(Supplied entries begins)

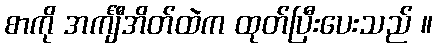
စာကို အင်္ကျီအိတ်ထဲက ထုတ်ပြီးပေးသည် ။
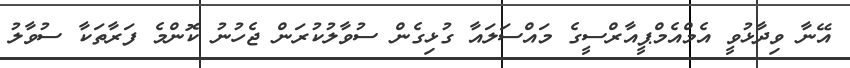
އޭނާ ވިދާޅުވީ އެމްއެމްޕީއާރްސީގެ މައްސަލައާ ގުޅިގެން ސުވާލުކުރަން ޖެހުނު ކޮންމެ ފަރާތަކާ ސުވާލު
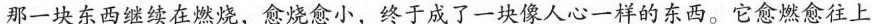
那一块东西继续在燃烧，愈烧愈小，终于成了一块像人心一样的东西。它愈燃愈往上
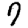
Digit: 7
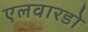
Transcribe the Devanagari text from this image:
एलवारडो
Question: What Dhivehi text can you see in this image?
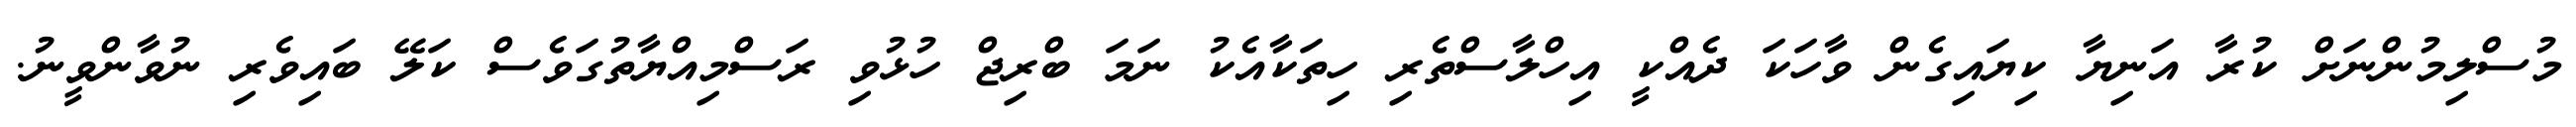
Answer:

(Supplied entries ends)

Required action:
Pictures excluded, print only the lines from the one with "Transcribe the Devanagari" through the end of the entries above, exactly as written.

Solution to this exercise:
Transcribe the Devanagari text from this image:
एलवारडो
Question: What Dhivehi text can you see in this image?
Answer:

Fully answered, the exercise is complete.